In class today we discussed three mechanisms for how enzymes function. These three mechanisms are:
1. Bringing substrates together in a way that promotes the appropriate interaction.
2. Another way they function is to couple exergonic and endergonic reactions.
3. They also lower the Activation Energy of the reactions they catalyze
Ashley asked a good followup question: how, exactly, do enzymes lower the activation energy in reactions?
I’ve looked around for a good explanation of this without finding much satisfaction. One explanation found on Wiki.answers was that, according to the induced fit model, when substrates bind to enzymes, there is strain put on the molecule that promotes the reaction. But this answer felt unsatisfactory for a couple reasons: First, it was unsupported by any links to primary data and second, it’s really only a partial answer – i.e., does it take energy to get the enzyme into this strained conformation? If so, where does that energy come from (perhaps the particle’s movement?) If it doesn’t require energy, why do the substrates get themselves into this position?
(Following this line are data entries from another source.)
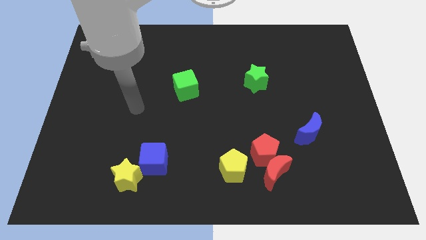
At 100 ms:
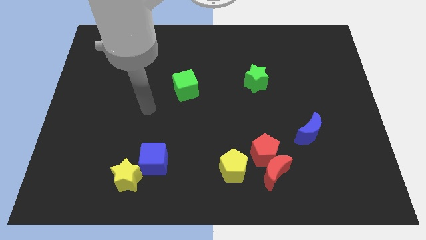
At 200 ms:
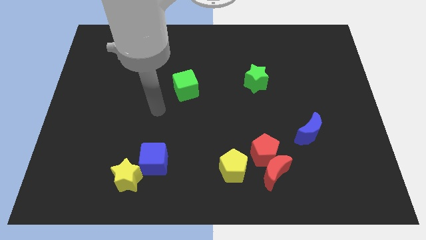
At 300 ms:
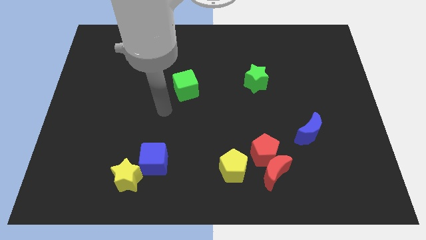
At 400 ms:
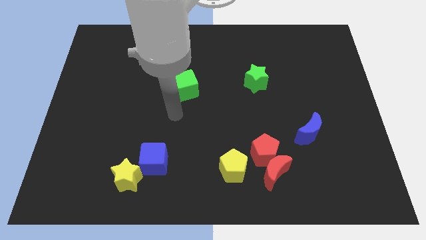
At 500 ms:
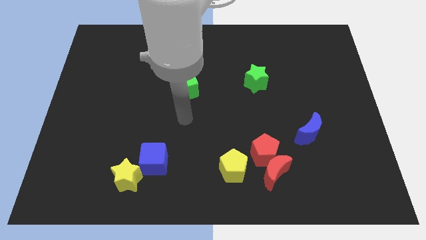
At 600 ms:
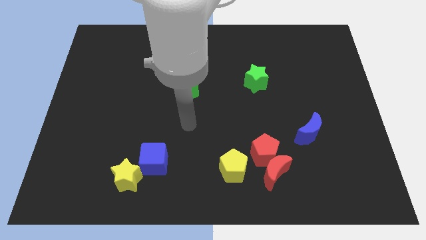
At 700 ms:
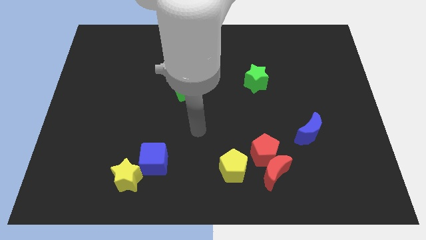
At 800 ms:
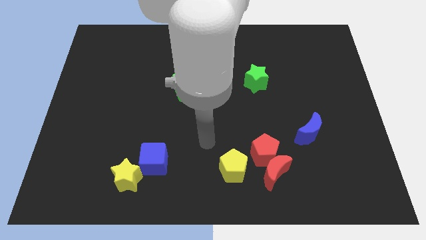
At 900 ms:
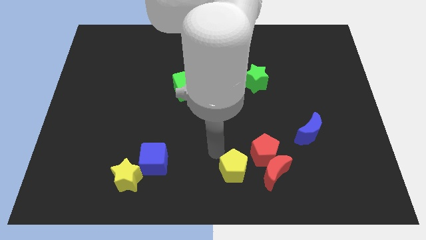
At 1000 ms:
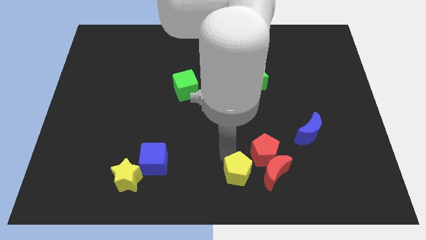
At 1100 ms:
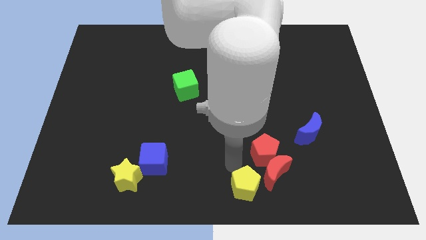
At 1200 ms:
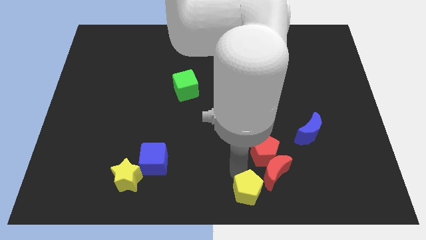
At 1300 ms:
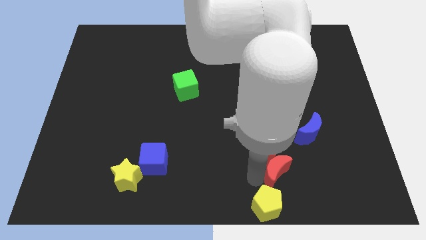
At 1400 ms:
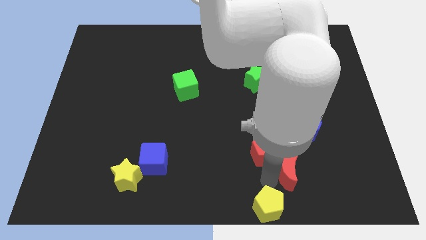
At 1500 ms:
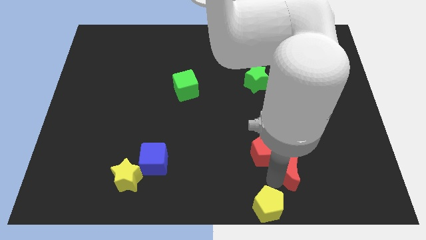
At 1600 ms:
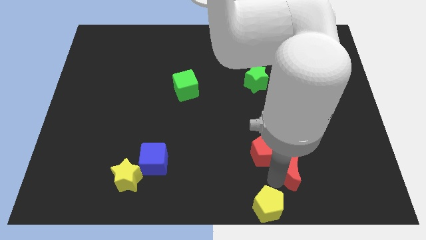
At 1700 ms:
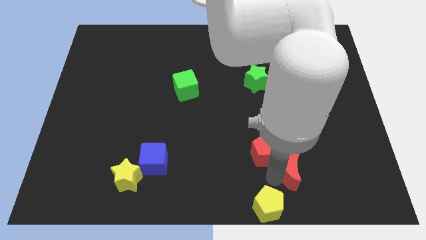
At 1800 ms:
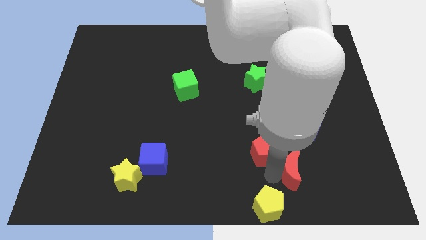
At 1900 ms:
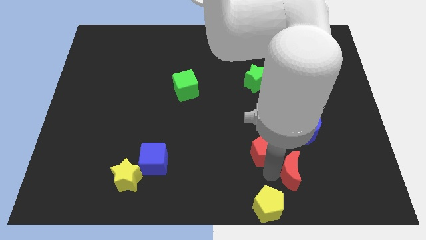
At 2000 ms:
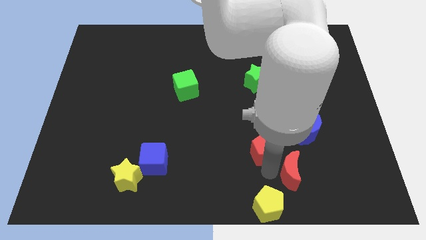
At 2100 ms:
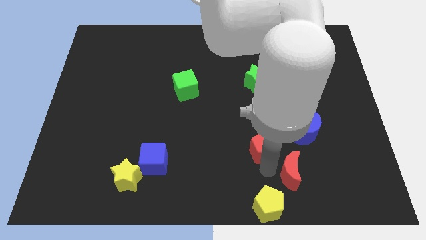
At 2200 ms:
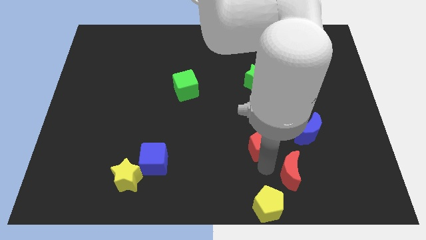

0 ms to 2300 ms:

A better answer was found from Science magazine back in 2004. The article, Mireia Garcia-Viloca, Jiali Cao, Martin Karplus, Donald G. Truhlar. “How Enzymes Work: Analysis by Modern Rate Theory and Computer Simulations.”Science. 303:186 – 195 (9 January 2004), refers back to a statement by Linus Pauling where he posited that the only actual power enzymes have is in stabilizing a transition state. What does this mean? It means essentially the same thing as was stated above – however it also refers to a kind of ‘in between’ state that substrates enter while bound to the enzymes that makes it easy to convert into the ‘desired’ product.
Apparently, people have observed this lowering of the activation energy, but it’s been difficult for even those who study these things to define. I’ve posted the article on blackboard if any of you are interested in taking a peak at it.